TAKALAR, KOMPAS.com - Ratusan warga menggeruduk kantor Pengadilan Negeri (PN) Takalar, Kabupaten Takalar, Sulawesi Selatan guna mempertanyakan perihal pembebasan lahan Bendungan Pammukulu yang dalam tahap pembangunan.
Warga terlibat kericuhan hingga kantor PN dihujani batu.
Ratusan warga Desa Kalekomara, Kecamatan Polongbangkeng Utara mendatangi kantor PN Takalar sejak Selasa (18/8/2020) pukul 10.00 Wita.
Mereka berorasi dan meminta agar Ketua PN Takalar bertanggungjawab terkait gugatan lahan seluas 18 hektar milik warga yang dilakukan oleh salah seorang mantan pejabat setempat.
"Kami meminta pertanggungjawaban Ketua Pengadilan Negeri Takalar atas diterimanya gugatan tersebut padahal kita sama-sama ketahui berdasarkan pengecekan fakta di lapangan di mana penggugat tak mampu memperlihatkan lahan yang ia gugat," kata Koordinator Lapangan, Muallim Bahar dalam orasinya.
Baca juga: Demo Warga Korban Banjir Bandang di DPRD Luwu Utara Berakhir Ricuh
Lantaran tak menemukan jawaban dari pihak PN, ratusan massa kemudian melanjutkan unjuk rasa di depan Polres Takalar menuntut janji Kapolres untuk membekuk oknum pejabat yang menggugat lahan milik warga.
"Kapolres pernah berjanji akan menangkap oknum mantan pejabat yang mencoba merampas tanah kami.

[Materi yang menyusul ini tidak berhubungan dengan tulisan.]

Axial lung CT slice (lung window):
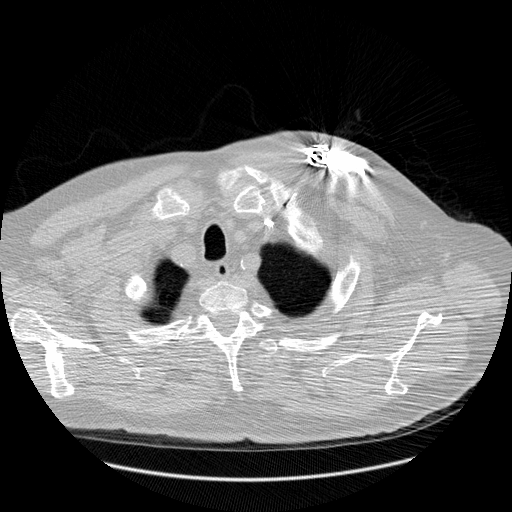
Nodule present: no

Maka hari ini kami datang menagih janji Kapolres," kata Ahmad, salah seorang pengunjukrasa.
Usai berorasi, massa pengunjukrasa kemudian bergerak ke kantor Badan Pertanahan Negara (BPN).
Kepala BPN Takalar yang mencoba keluar menemui warga dengan pengawalan ketat aparat kepolisian malah menjadi sasaran kemarahan warga.
Akibatnya, warga terlibat bentrok fisik dengan petugas pengamanan. Sejumlah fasilitas di kantor BPN Takalar bahkan rusak akibat peristiwa ini.
Warga menilai, pihak BPN-lah yang menjadi sumber kisruhan pembayaran lahan milik warga.
Informasi yang dihimpun Kompas.com, awalnya pembayaran ganti rugi lahan Bendungan Pammukulu, Kecamatan Polongbangkeng Utara telah disetujui berdasarkan putusan PN Negeri senilai Rp 50.000 per meter.
Namun, belakangan pihak BPN Takalar melakukan gugatan dengan memenangkannya dimana pembayaran ganti rugi berubah menjadi Rp 3.500 per meter.
"Dulu telah sepakat berdasarkan putusan pengadilan dengan ganti rugi senilai lima puluh ribu rupiah per meter tapi itu mentah karena BPN menang gugatan dan pembayaran turun menjadi tiga ribu lima ratus rupiah permeter" kata Muallim Bahar.
Sementara pihak BPN mengaku bahwa tahap pertama pembayaran ganti rugi lahan telah berjalan namun pihaknya harus menangguhkan pembayaran 7 bidang lahan akibat adanya sengketa.